(Recorded data)

------------------------------------------------------------

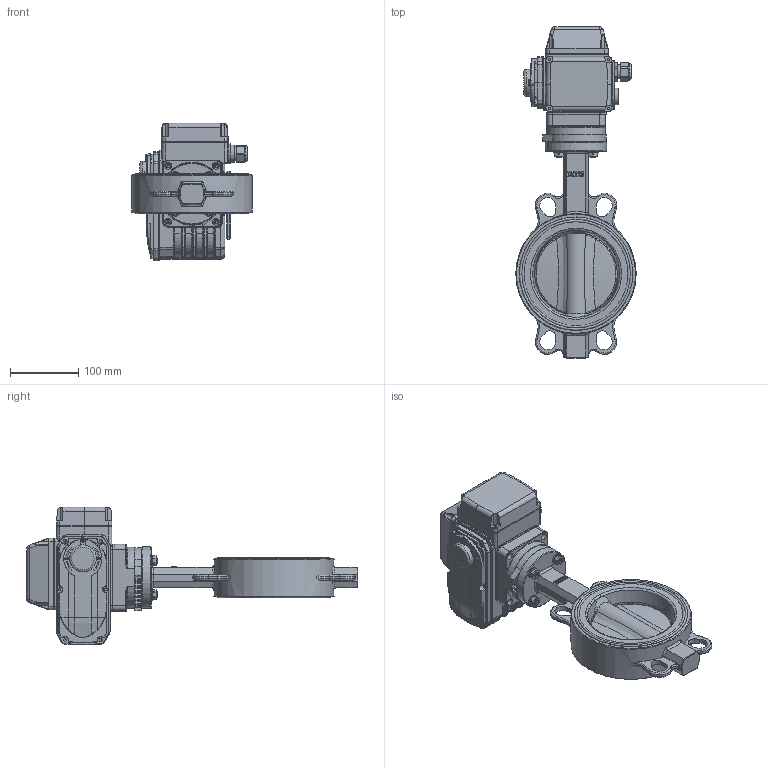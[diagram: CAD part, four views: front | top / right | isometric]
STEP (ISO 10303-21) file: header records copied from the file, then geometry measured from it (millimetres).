
FILE_DESCRIPTION(/* description */ ('Unknown','CAx-IF Rec.Pracs.---Representation and Presentation of Product Manufacturing Information (PMI)---4.0---2014-10-13','CAx-IF Rec.Pracs.---3D Tessellated Geometry---0.4---2014-09-14','2;1'),/* implementation_level */ '2;1');
FILE_NAME(/* name */ 'AE09_AE10 5100_5110_5120-13',/* time_stamp */ '2023-11-27T09:57:52+01:00',/* author */ ('Unknown'),/* organization */ ('Unknown'),/* preprocessor_version */ 'ST-DEVELOPER v18.102',/* originating_system */ 'Solid Edge',/* authorisation */ 'Unknown');
FILE_SCHEMA (('AP242_MANAGED_MODEL_BASED_3D_ENGINEERING_MIM_LF { 1 0 10303 442 1 1 4 }'));
Products named in the file (60): AE100-5.100.125; WAFER-DN125; DN125概极; seat; disc; shaft1; shaft2; bushing1; Raster DN040- DN150; AE09_AE10_(AE100_103); 癹弇羲壽; 萇蚾裔蝶菜; S倰眊极蜊婖2016-5-25; NQ10-034 梓僅啣; 盄坶1; 癹弇羲壽_0; 秶郘裔蝶菜2015蜊輛; S倰薊粣ん; 癹弇羲壽_1; NQ10-035 噩え; S型驱动盖20190829; NQ10-033 硌渀; 盄坶2; 癹弇羲壽_2; 萇蚾裔; S型电动执行机构直装平视20190830; S倰眊极蜊婖2016-5-25_0; 驱动盖组件; S型驱动盖20190829_0; 驱动盖胶垫; 萇蚾窒璃; 癹弇羲壽_3; 癹弇羲壽笢潔輸; NQ10-034 梓僅啣_0; NQ10-033 硌渀_0; 秶郘裔郪璃; S倰秶郘裔 蜊; 秶郘裔蝶菜2015蜊輛_0; 萇蚾裔窒璃; 萇蚾裔_0 ...
Assembly tree (72 placements, depth 5):
  AE100-5.100.125
    WAFER-DN125
      DN125概极
      seat
      disc
      shaft1
      shaft2
      bushing1  x2
    Raster DN040- DN150
    AE09_AE10_(AE100_103)
      癹弇羲壽
      萇蚾裔蝶菜
      S倰眊极蜊婖2016-5-25
      NQ10-034 梓僅啣
      盄坶1
      癹弇羲壽_0
      秶郘裔蝶菜2015蜊輛
      S倰薊粣ん
      癹弇羲壽_1
      NQ10-035 噩え
      S型驱动盖20190829
      NQ10-033 硌渀
      盄坶2
      癹弇羲壽_2
      萇蚾裔
      S型电动执行机构直装平视20190830
        S倰眊极蜊婖2016-5-25_0
        驱动盖组件
          S型驱动盖20190829_0
          驱动盖胶垫
        萇蚾窒璃
          癹弇羲壽_3  x4
          癹弇羲壽笢潔輸
        NQ10-034 梓僅啣_0
        NQ10-033 硌渀_0
        秶郘裔郪璃
          S倰秶郘裔 蜊
          秶郘裔蝶菜2015蜊輛_0
        萇蚾裔窒璃
          萇蚾裔_0
          萇蚾裔蝶菜_0
          NQ10-035 噩え_0
        NQ10-037 忒雄紱釬諳裔
        盄坶
          盄坶1_0
          盄坶2_0
        盄黑
        S倰薊粣ん_0
        假蚾啣
      假蚾啣_0
      癹弇羲壽笢潔輸_0
      NQ10-037 忒雄紱釬諳裔_0
      驱动盖胶垫_0
      S倰秶郘裔 蜊_0
      盄黑_0
      Z倰忒梟縐啣
      忒梟
    DIN126-M8  x4
    M8  x4
    DIN551_M8x40  x4
Bounding box: 176 x 485 x 201 mm (x, y, z)
Volume: 2674862.6 mm3; surface area: 628818.1 mm2
Topology: 51 solids, 51 shells, 3351 faces, 8812 edges, 5654 vertices
Faces by surface type: plane 1636, cylinder 1041, bspline 323, torus 212, cone 98, sphere 41
Full cylindrical faces by diameter (mm): 2.5 x7, 3 x8, 3.2 x12, 3.3 x15, 3.5 x1, 4.2 x7, 4.5 x8, 4.8 x14, 5 x14, 5.5 x6, 6 x2, 6.5 x4, 6.6 x2, 6.647 x4, 6.8 x18, 8 x5, 9 x4, 10 x8, 12.3 x1, 13 x1, 13.2 x1, 13.5 x1, 13.8 x1, 14 x1, 15 x2, 16 x4, 18 x2, 18.7 x1, 18.92 x3, 19 x2
Entity records: 105772 total; most frequent: CARTESIAN_POINT 33466, ORIENTED_EDGE 14672, DIRECTION 14120, EDGE_CURVE 7336, AXIS2_PLACEMENT_3D 5055, VERTEX_POINT 4884, LINE 4010, VECTOR 4010

------------------------------------------------------------

=== How to complete this task ===
Every line in the records is to be retyped exactly as it stands; the pictures stay out.

=== Solution to the problem ===
[diagram: CAD part, four views: front | top / right | isometric]
STEP (ISO 10303-21) file: header records copied from the file, then geometry measured from it (millimetres).
FILE_DESCRIPTION(/* description */ ('Unknown','CAx-IF Rec.Pracs.---Representation and Presentation of Product Manufacturing Information (PMI)---4.0---2014-10-13','CAx-IF Rec.Pracs.---3D Tessellated Geometry---0.4---2014-09-14','2;1'),/* implementation_level */ '2;1');
FILE_NAME(/* name */ 'AE09_AE10 5100_5110_5120-13',/* time_stamp */ '2023-11-27T09:57:52+01:00',/* author */ ('Unknown'),/* organization */ ('Unknown'),/* preprocessor_version */ 'ST-DEVELOPER v18.102',/* originating_system */ 'Solid Edge',/* authorisation */ 'Unknown');
FILE_SCHEMA (('AP242_MANAGED_MODEL_BASED_3D_ENGINEERING_MIM_LF { 1 0 10303 442 1 1 4 }'));
Products named in the file (60): AE100-5.100.125; WAFER-DN125; DN125概极; seat; disc; shaft1; shaft2; bushing1; Raster DN040- DN150; AE09_AE10_(AE100_103); 癹弇羲壽; 萇蚾裔蝶菜; S倰眊极蜊婖2016-5-25; NQ10-034 梓僅啣; 盄坶1; 癹弇羲壽_0; 秶郘裔蝶菜2015蜊輛; S倰薊粣ん; 癹弇羲壽_1; NQ10-035 噩え; S型驱动盖20190829; NQ10-033 硌渀; 盄坶2; 癹弇羲壽_2; 萇蚾裔; S型电动执行机构直装平视20190830; S倰眊极蜊婖2016-5-25_0; 驱动盖组件; S型驱动盖20190829_0; 驱动盖胶垫; 萇蚾窒璃; 癹弇羲壽_3; 癹弇羲壽笢潔輸; NQ10-034 梓僅啣_0; NQ10-033 硌渀_0; 秶郘裔郪璃; S倰秶郘裔 蜊; 秶郘裔蝶菜2015蜊輛_0; 萇蚾裔窒璃; 萇蚾裔_0 ...
Assembly tree (72 placements, depth 5):
  AE100-5.100.125
    WAFER-DN125
      DN125概极
      seat
      disc
      shaft1
      shaft2
      bushing1  x2
    Raster DN040- DN150
    AE09_AE10_(AE100_103)
      癹弇羲壽
      萇蚾裔蝶菜
      S倰眊极蜊婖2016-5-25
      NQ10-034 梓僅啣
      盄坶1
      癹弇羲壽_0
      秶郘裔蝶菜2015蜊輛
      S倰薊粣ん
      癹弇羲壽_1
      NQ10-035 噩え
      S型驱动盖20190829
      NQ10-033 硌渀
      盄坶2
      癹弇羲壽_2
      萇蚾裔
      S型电动执行机构直装平视20190830
        S倰眊极蜊婖2016-5-25_0
        驱动盖组件
          S型驱动盖20190829_0
          驱动盖胶垫
        萇蚾窒璃
          癹弇羲壽_3  x4
          癹弇羲壽笢潔輸
        NQ10-034 梓僅啣_0
        NQ10-033 硌渀_0
        秶郘裔郪璃
          S倰秶郘裔 蜊
          秶郘裔蝶菜2015蜊輛_0
        萇蚾裔窒璃
          萇蚾裔_0
          萇蚾裔蝶菜_0
          NQ10-035 噩え_0
        NQ10-037 忒雄紱釬諳裔
        盄坶
          盄坶1_0
          盄坶2_0
        盄黑
        S倰薊粣ん_0
        假蚾啣
      假蚾啣_0
      癹弇羲壽笢潔輸_0
      NQ10-037 忒雄紱釬諳裔_0
      驱动盖胶垫_0
      S倰秶郘裔 蜊_0
      盄黑_0
      Z倰忒梟縐啣
      忒梟
    DIN126-M8  x4
    M8  x4
    DIN551_M8x40  x4
Bounding box: 176 x 485 x 201 mm (x, y, z)
Volume: 2674862.6 mm3; surface area: 628818.1 mm2
Topology: 51 solids, 51 shells, 3351 faces, 8812 edges, 5654 vertices
Faces by surface type: plane 1636, cylinder 1041, bspline 323, torus 212, cone 98, sphere 41
Full cylindrical faces by diameter (mm): 2.5 x7, 3 x8, 3.2 x12, 3.3 x15, 3.5 x1, 4.2 x7, 4.5 x8, 4.8 x14, 5 x14, 5.5 x6, 6 x2, 6.5 x4, 6.6 x2, 6.647 x4, 6.8 x18, 8 x5, 9 x4, 10 x8, 12.3 x1, 13 x1, 13.2 x1, 13.5 x1, 13.8 x1, 14 x1, 15 x2, 16 x4, 18 x2, 18.7 x1, 18.92 x3, 19 x2
Entity records: 105772 total; most frequent: CARTESIAN_POINT 33466, ORIENTED_EDGE 14672, DIRECTION 14120, EDGE_CURVE 7336, AXIS2_PLACEMENT_3D 5055, VERTEX_POINT 4884, LINE 4010, VECTOR 4010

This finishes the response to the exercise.